:: Description of the task ::
Which lines of the records contain "Grassland"? Collect every one of them.

:: Provided material ::
......

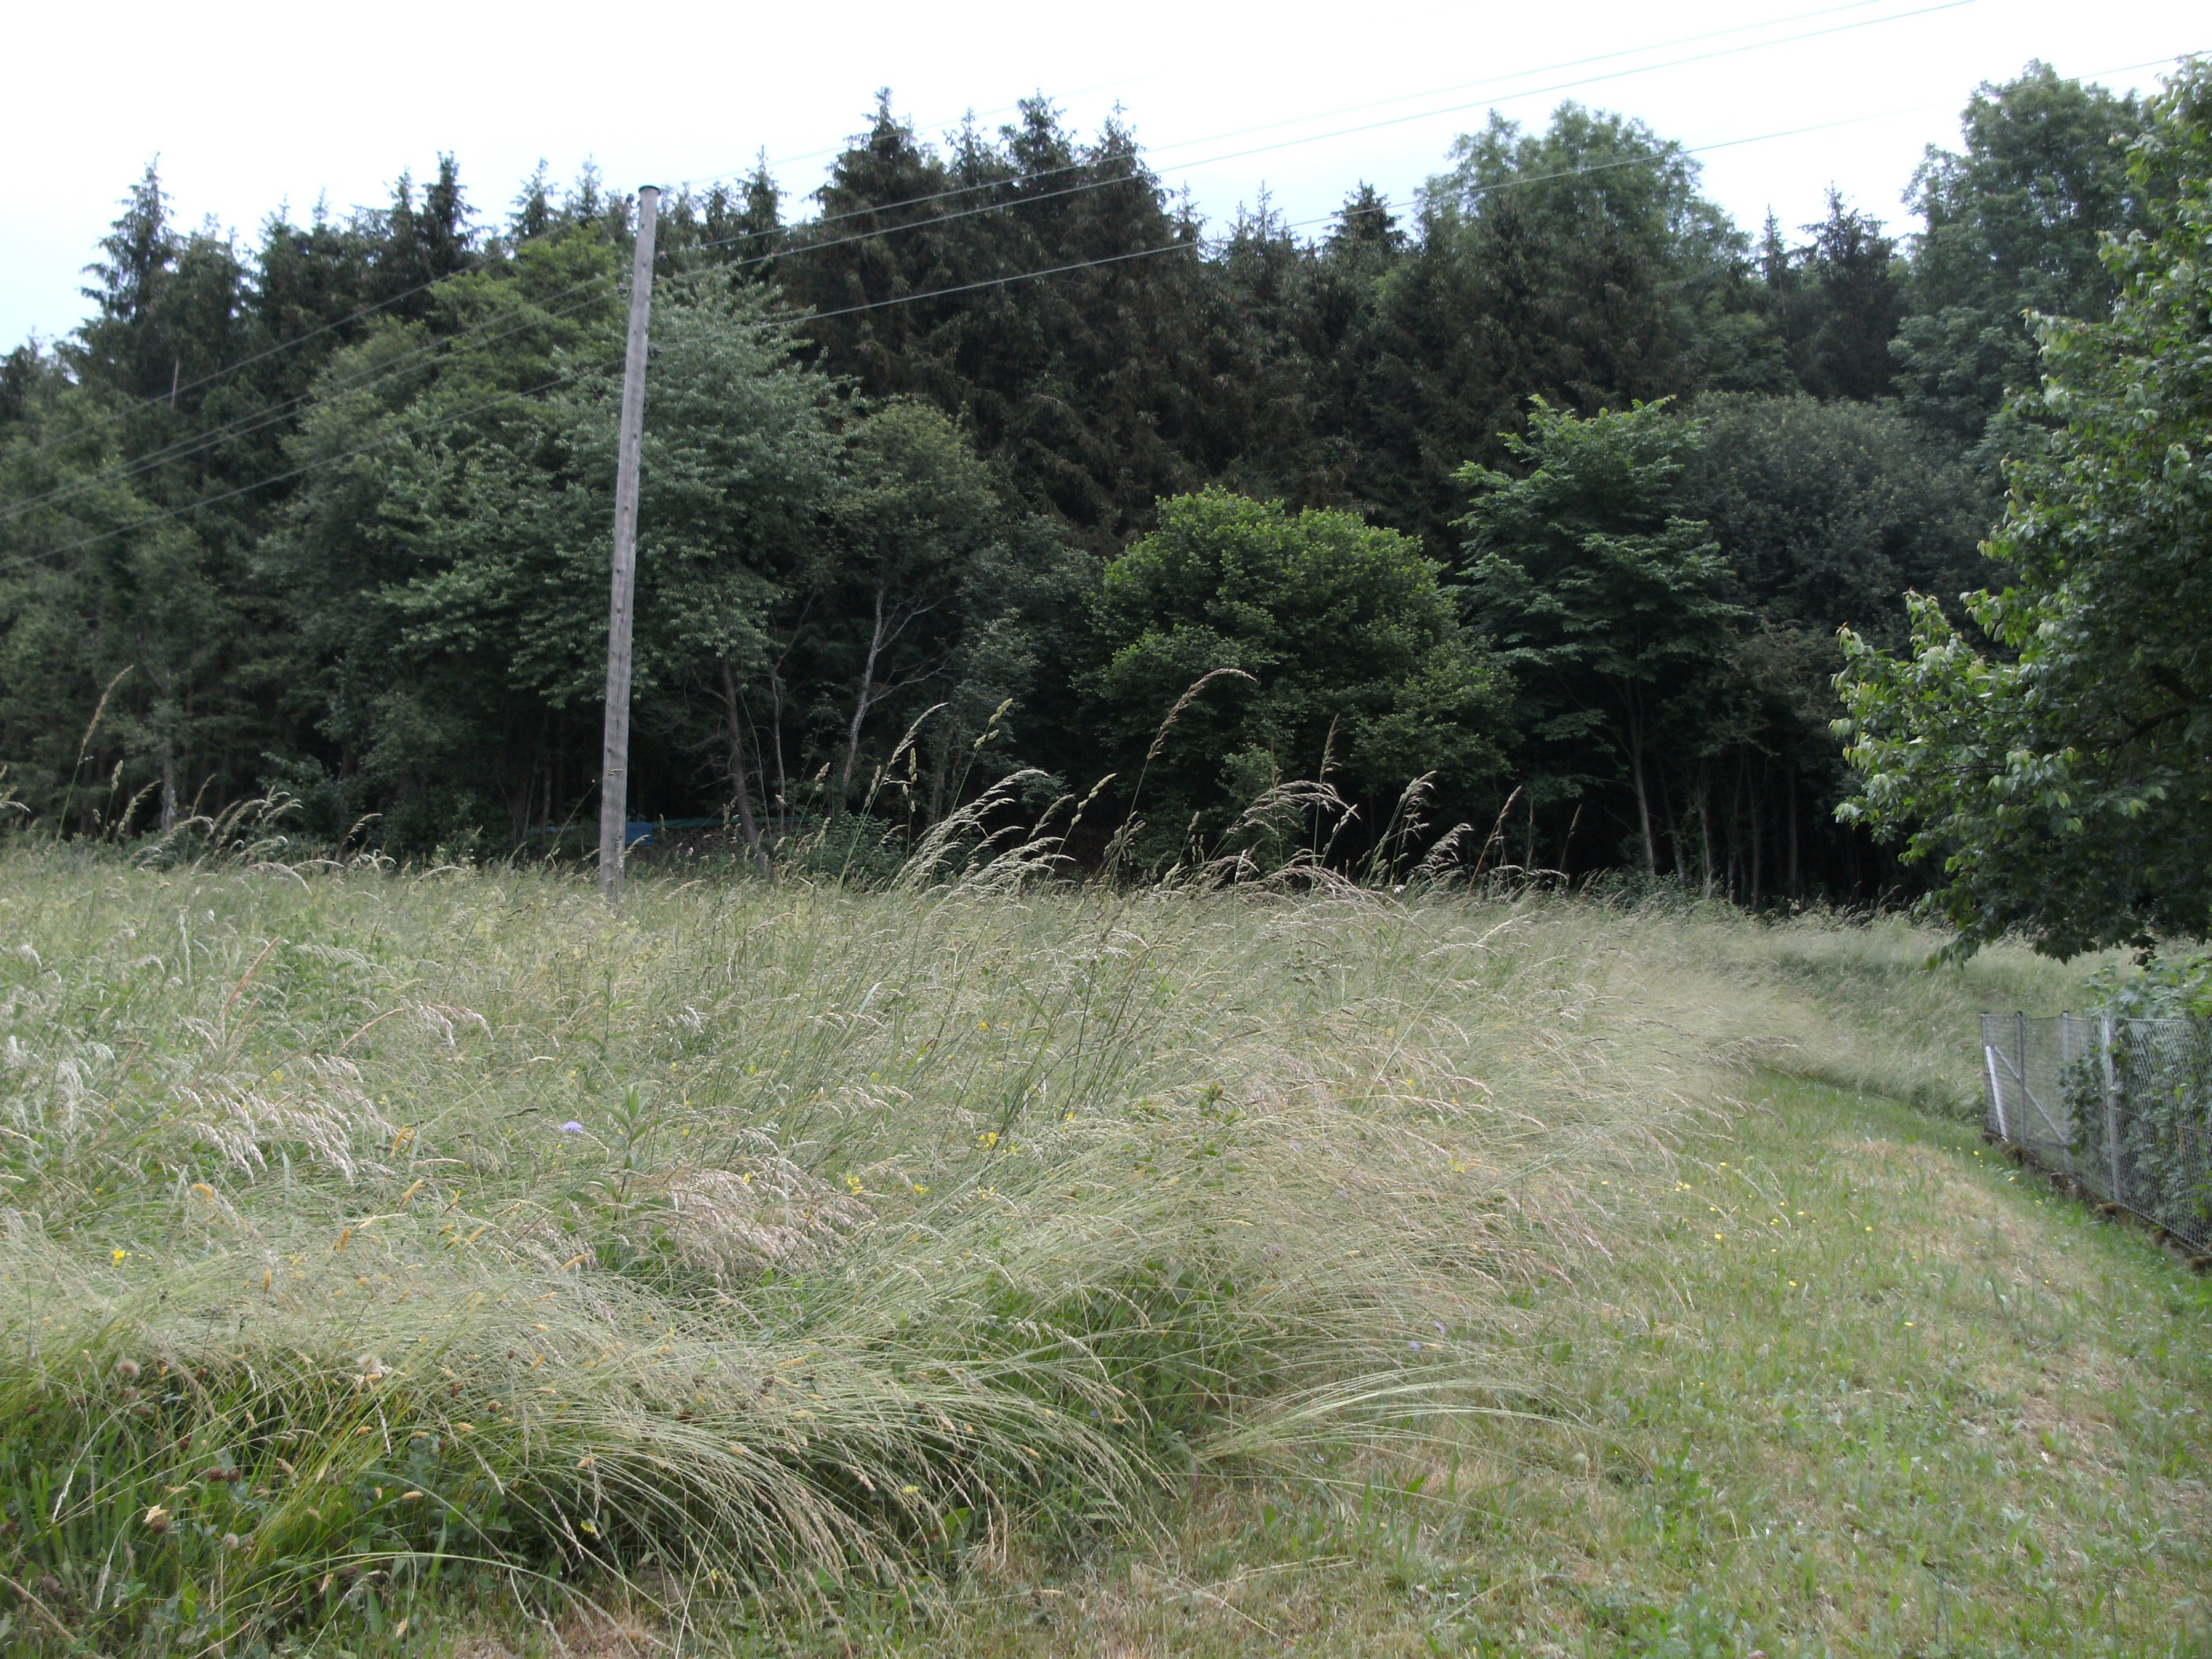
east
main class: Grassland
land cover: Grassland without tree/shrub cover
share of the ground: > 75 %
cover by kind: herbaceous plants 100 %
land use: Agriculture (excluding fallow land and kitchen gardens)
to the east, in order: Grassland without tree/shrub cover; Electric lines; Grassland without tree/shrub cover; Broadleaved woodland; Tracks; Spruce dominated mixed woodland; Tracks; Spruce dominated coniferous woodland; Tracks; Spruce dominated coniferous woodland; Tracks; Spruce dominated coniferous woodland; Grassland without tree/shrub cover; Temporary grasslands
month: June
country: AT
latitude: 48.5814
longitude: 14.0532

......

:: Response to this task ::
main class: Grassland
land cover: Grassland without tree/shrub cover
to the east, in order: Grassland without tree/shrub cover; Electric lines; Grassland without tree/shrub cover; Broadleaved woodland; Tracks; Spruce dominated mixed woodland; Tracks; Spruce dominated coniferous woodland; Tracks; Spruce dominated coniferous woodland; Tracks; Spruce dominated coniferous woodland; Grassland without tree/shrub cover; Temporary grasslands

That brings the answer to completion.